*PROMPT:* The entries below contain a line with "Bounding box: 519.97" and a line with "Full cylindrical faces". Quote exactly those two lines and all lines between them.

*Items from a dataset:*
※

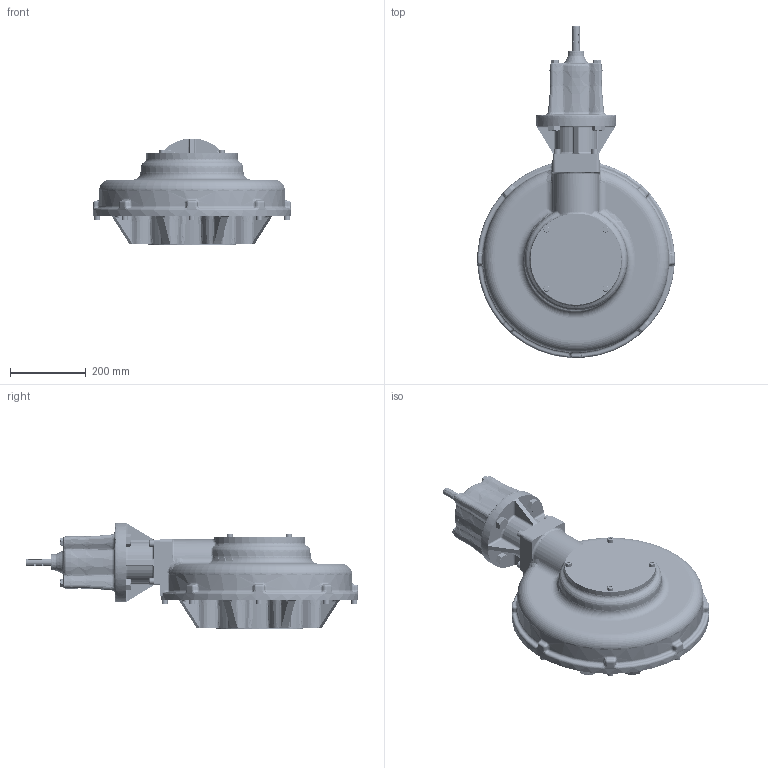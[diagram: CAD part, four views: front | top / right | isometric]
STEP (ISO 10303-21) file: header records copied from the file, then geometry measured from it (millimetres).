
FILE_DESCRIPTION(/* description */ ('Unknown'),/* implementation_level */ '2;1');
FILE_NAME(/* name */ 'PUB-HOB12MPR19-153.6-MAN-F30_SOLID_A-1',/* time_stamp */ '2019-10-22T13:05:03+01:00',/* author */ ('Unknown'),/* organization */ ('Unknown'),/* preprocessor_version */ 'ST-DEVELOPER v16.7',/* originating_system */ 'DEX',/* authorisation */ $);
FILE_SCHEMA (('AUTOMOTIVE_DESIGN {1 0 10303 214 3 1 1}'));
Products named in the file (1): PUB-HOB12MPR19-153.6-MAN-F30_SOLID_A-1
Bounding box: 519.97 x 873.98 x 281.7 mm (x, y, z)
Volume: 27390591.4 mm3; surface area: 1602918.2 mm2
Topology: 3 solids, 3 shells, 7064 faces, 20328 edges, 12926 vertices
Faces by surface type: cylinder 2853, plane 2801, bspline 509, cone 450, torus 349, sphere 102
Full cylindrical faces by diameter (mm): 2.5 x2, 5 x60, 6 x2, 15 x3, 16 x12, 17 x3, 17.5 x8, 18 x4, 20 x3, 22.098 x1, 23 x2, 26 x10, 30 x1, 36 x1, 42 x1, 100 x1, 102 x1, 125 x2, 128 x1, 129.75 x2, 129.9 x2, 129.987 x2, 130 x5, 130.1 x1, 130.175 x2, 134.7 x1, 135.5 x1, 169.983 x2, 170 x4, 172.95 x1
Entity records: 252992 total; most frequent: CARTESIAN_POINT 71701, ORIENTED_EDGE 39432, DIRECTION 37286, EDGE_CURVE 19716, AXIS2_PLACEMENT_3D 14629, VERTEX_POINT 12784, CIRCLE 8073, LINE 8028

※

*RESULT OF THIS EXERCISE:*
Bounding box: 519.97 x 873.98 x 281.7 mm (x, y, z)
Volume: 27390591.4 mm3; surface area: 1602918.2 mm2
Topology: 3 solids, 3 shells, 7064 faces, 20328 edges, 12926 vertices
Faces by surface type: cylinder 2853, plane 2801, bspline 509, cone 450, torus 349, sphere 102
Full cylindrical faces by diameter (mm): 2.5 x2, 5 x60, 6 x2, 15 x3, 16 x12, 17 x3, 17.5 x8, 18 x4, 20 x3, 22.098 x1, 23 x2, 26 x10, 30 x1, 36 x1, 42 x1, 100 x1, 102 x1, 125 x2, 128 x1, 129.75 x2, 129.9 x2, 129.987 x2, 130 x5, 130.1 x1, 130.175 x2, 134.7 x1, 135.5 x1, 169.983 x2, 170 x4, 172.95 x1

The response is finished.